Speaking to media at company's headquarters in Benguluru on April 6, Mazumdar‑Shaw said, “We don’t have listing norms that allow companies to list as pre‑revenue or even pre‑clinical companies.”
“In the US, you can do all this. In India, SEBI requires three years of revenue track-record. How does a clinical‑stage biotech ever meet that?”
The regulatory gap has a cascading impact on the entire innovation ecosystem — from venture capital availability to talent retention — and explains why some of India’s most valuable biotech innovation ends up being monetised abroad, she said.
Why Biocon spun off Bicara in the US?
Mazumdar‑Shaw cited her experience of Bicara Therapeutics, a Boston‑based oncology company spun off from Biocon’s in‑house research.
“All the R&D happened in India but we decided to create the company in the US because India does not value innovation the way the US does,” she said.
Bicara, which focuses on a bispecific antibody for cancer, went public in the US two years ago and is now valued at over $1 billion, despite still being a clinical‑stage company. Its lead asset is in pivotal studies and could enter the market within the next two to three years, she said.
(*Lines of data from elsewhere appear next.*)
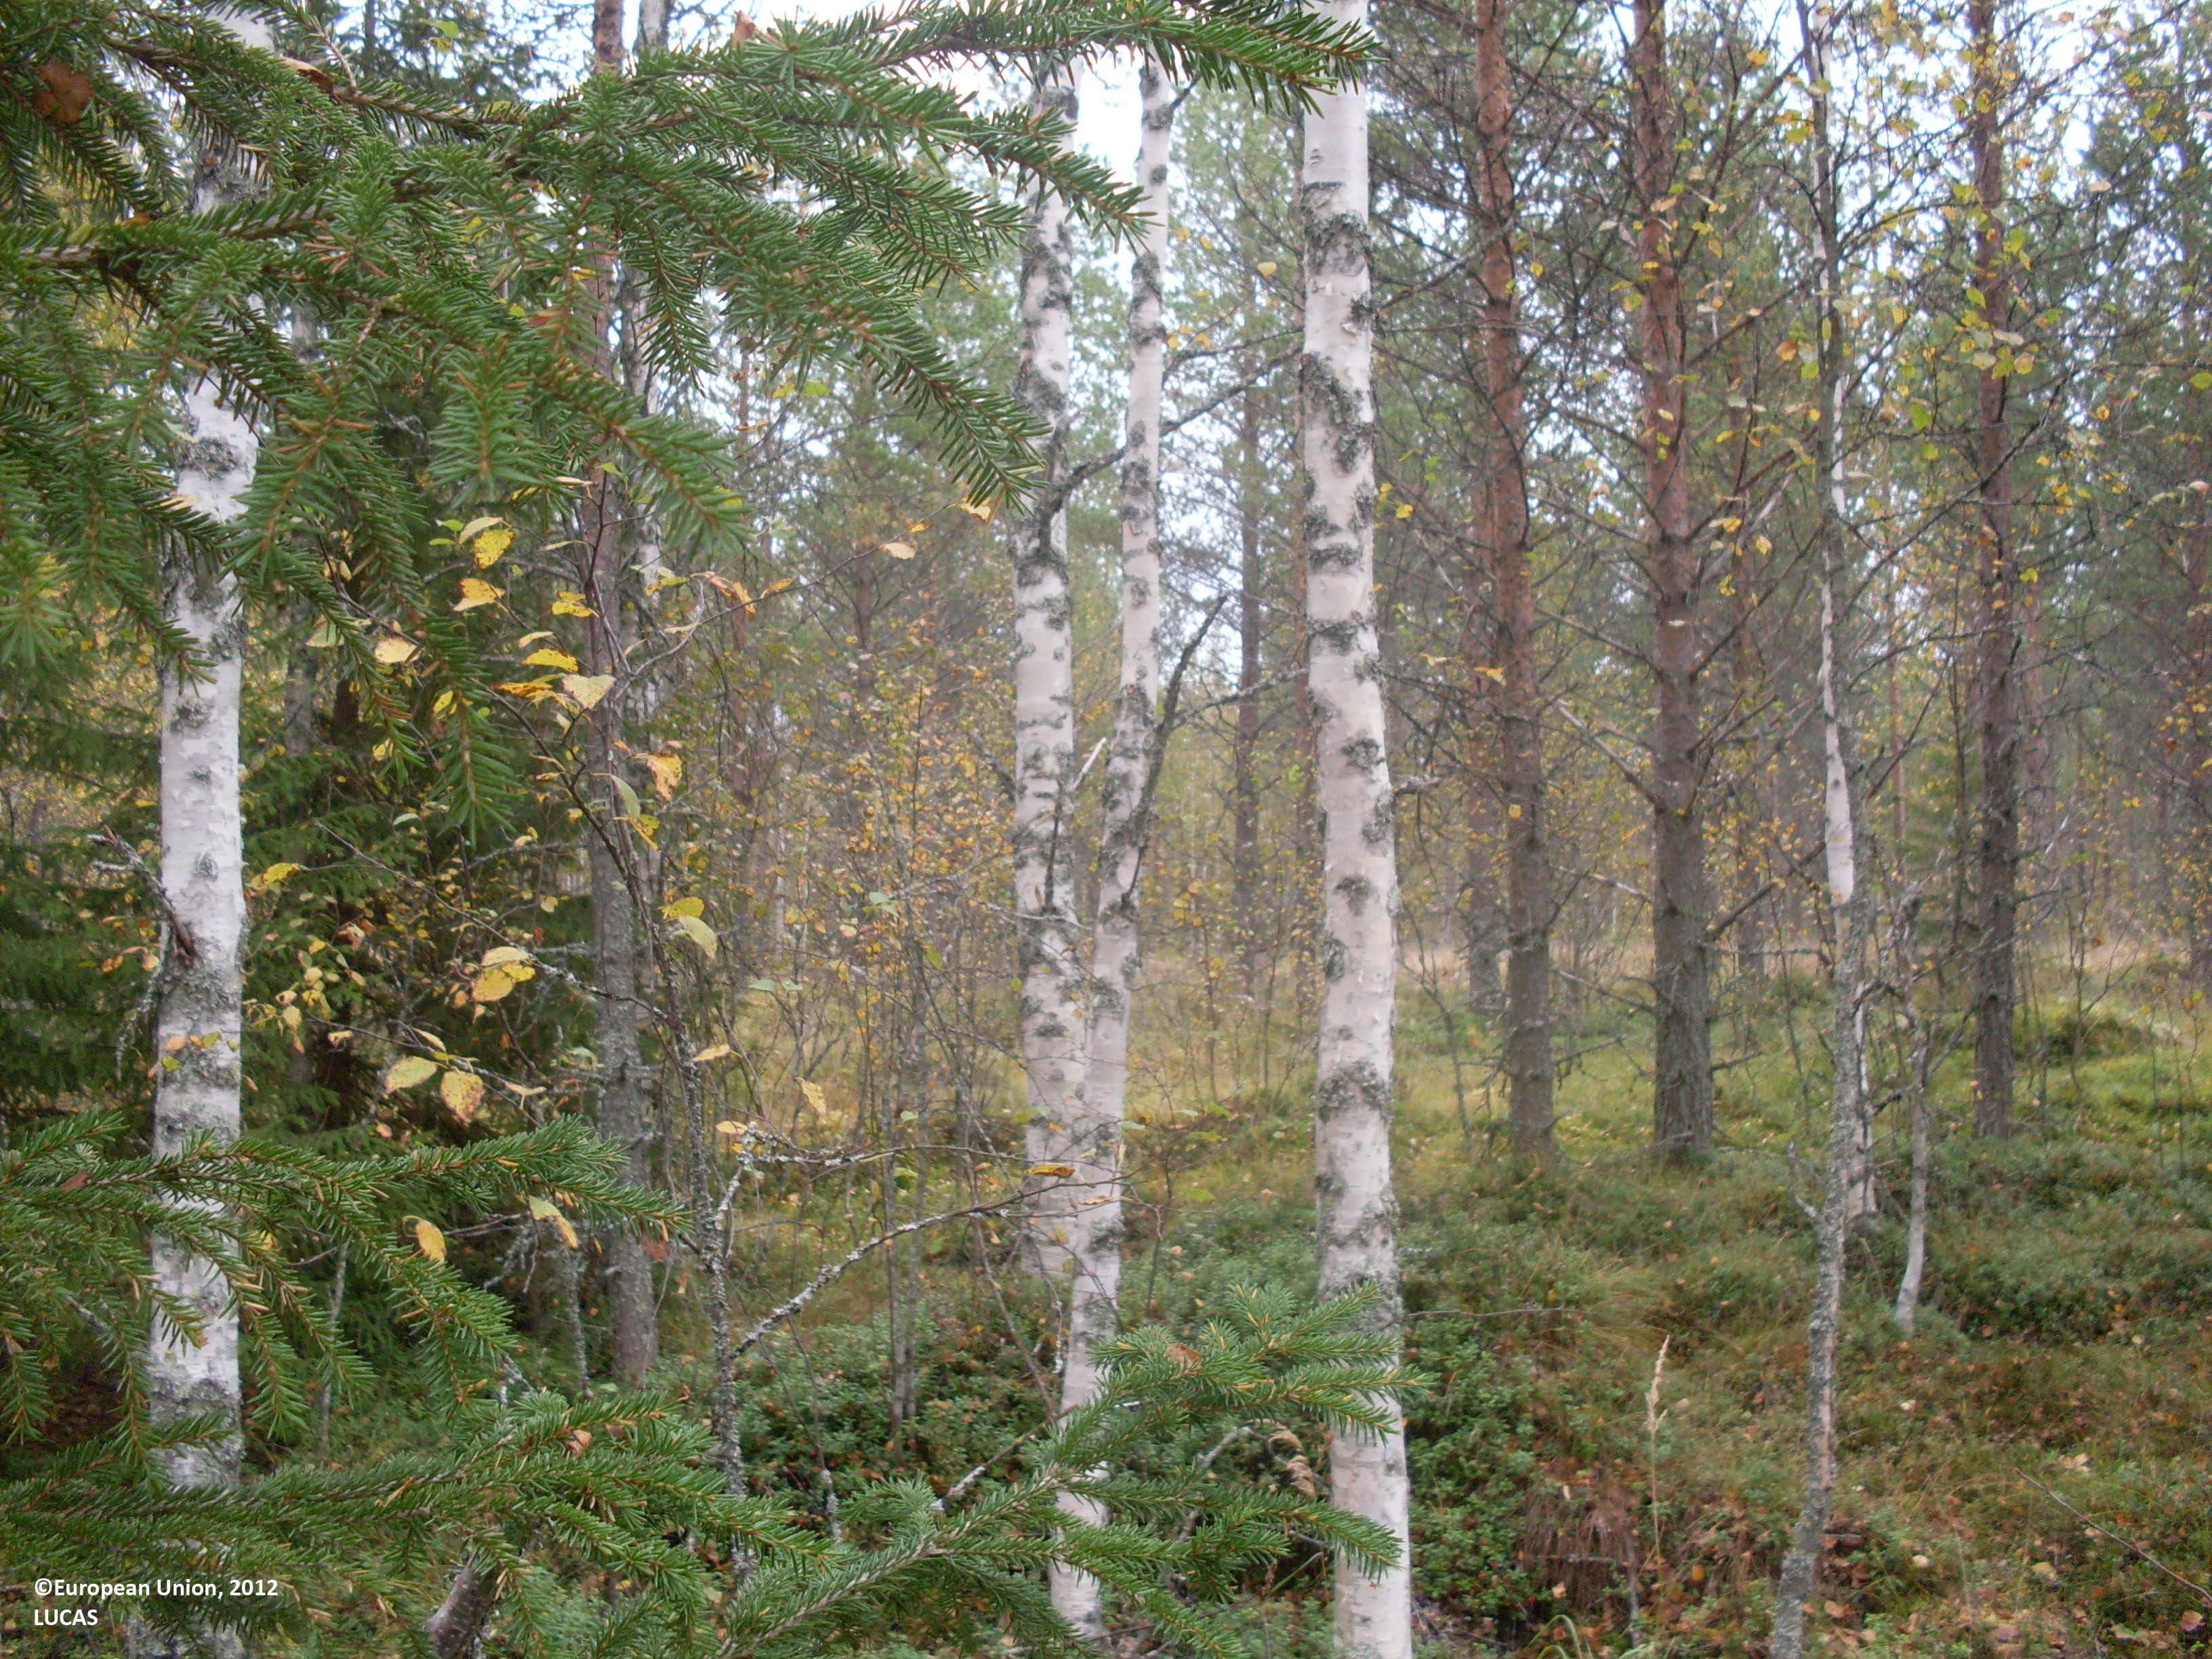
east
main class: Woodland
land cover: Other mixed woodland
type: boreal forest
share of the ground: > 75 %
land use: Forestry
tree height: > 5 m
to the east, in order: Other mixed woodland; Ditches and canals; Other mixed woodland; Ditches and canals; Other mixed woodland; Ditches and canals; Other mixed woodland
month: September
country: FI
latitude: 63.9928
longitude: 29.4959
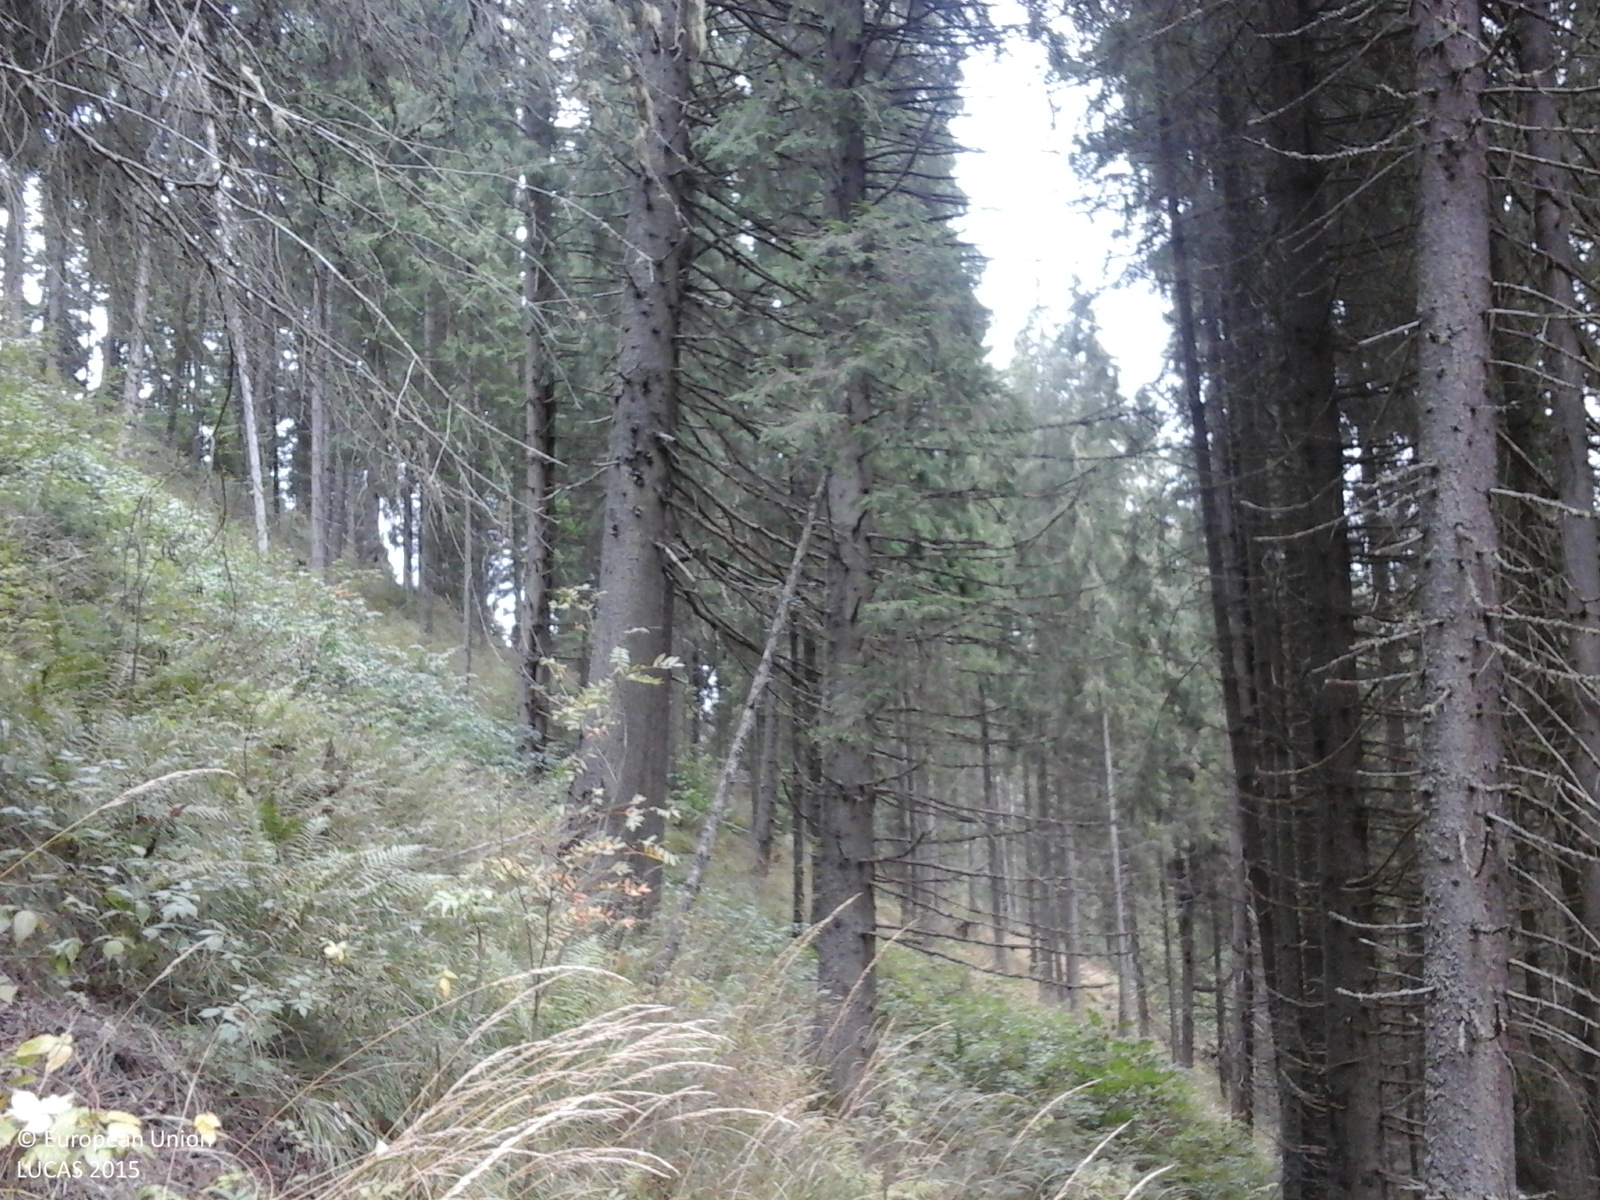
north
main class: Woodland
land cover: Spruce dominated coniferous woodland
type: alpine coniferous forest
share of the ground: > 75 %
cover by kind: coniferous forest trees 75 %, shrubs 10 %, herbaceous plants 10 %, broadleaved forest trees 5 %
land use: Forestry
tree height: > 5 m
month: September
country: RO
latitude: 46.6677
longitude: 22.9867

“The reason it is valued where it is, is because the data looks so good,” Mazumdar‑Shaw said. US capital markets are designed to price scientific promise — not just current revenues, she said, adding India’s long gestation periods deter investors. “VCs need an exit route,” she said. “If there’s no listing pathway, why would they stay invested for 10–12 years?”
Bicara Therapeutics, founded in 2020, focuses on first-in-class bifunctional antibodies for cancer. Before its $362-million Nasdaq IPO on September 13, 2024, it raised over $353 million privately. Its lead product is ficerafusp alfa (BCA101), targeting EGFR/TGF-β. Biocon's holding dropped below 20% post-2023 funding. As of early 2026, BCA101 is in advanced clinical development Phase 1/1b and moving toward Phase 2/3.
No dearth of innovation, India lacks ecosystem
Mazumdar‑Shaw rejected the claim that India lacks innovation. She pointed to Biocon’s track record in biosimilars and insulins and to other Indian companies building cutting‑edge platforms in cell therapy, biologics and peptides.
“There is no dearth of innovation in India,” she said. “What we lack is the ecosystem.”
Risk capital willing to back long‑cycle science, a regulatory framework that keeps pace with new technologies and capital‑market rules that allow early‑stage biotech companies to list, are three missing pillars for the innovation ecosystem.
Without these, India risks remaining a manufacturing and services hub rather than an innovation powerhouse, she said.
“If we can create this ecosystem, innovation itself can become a $100‑billion valuation opportunity in the next few years,” Mazumdar‑Shaw said.
While welcoming government schemes such as R&D incentives, production‑linked incentive (PLI) and Rs 10,000 crore Bioshakti programmes, she cautioned against spreading support too thinly.
“Support cannot be like confetti,” she said. “You have to build scale.” Strategic prioritisation, focusing on areas where India can lead globally, is essential to converting public funding into commercial success.
She also urged regulators and policymakers to understand that biopharma innovation does not follow the same timelines as IT or consumer tech. “This is not a delivery app,” she said. “The lab‑to‑market journey is long.”
“If India wants innovation‑led companies,” Mazumdar‑Shaw said, “it has to create systems that allow them to be born, survive and scale — here".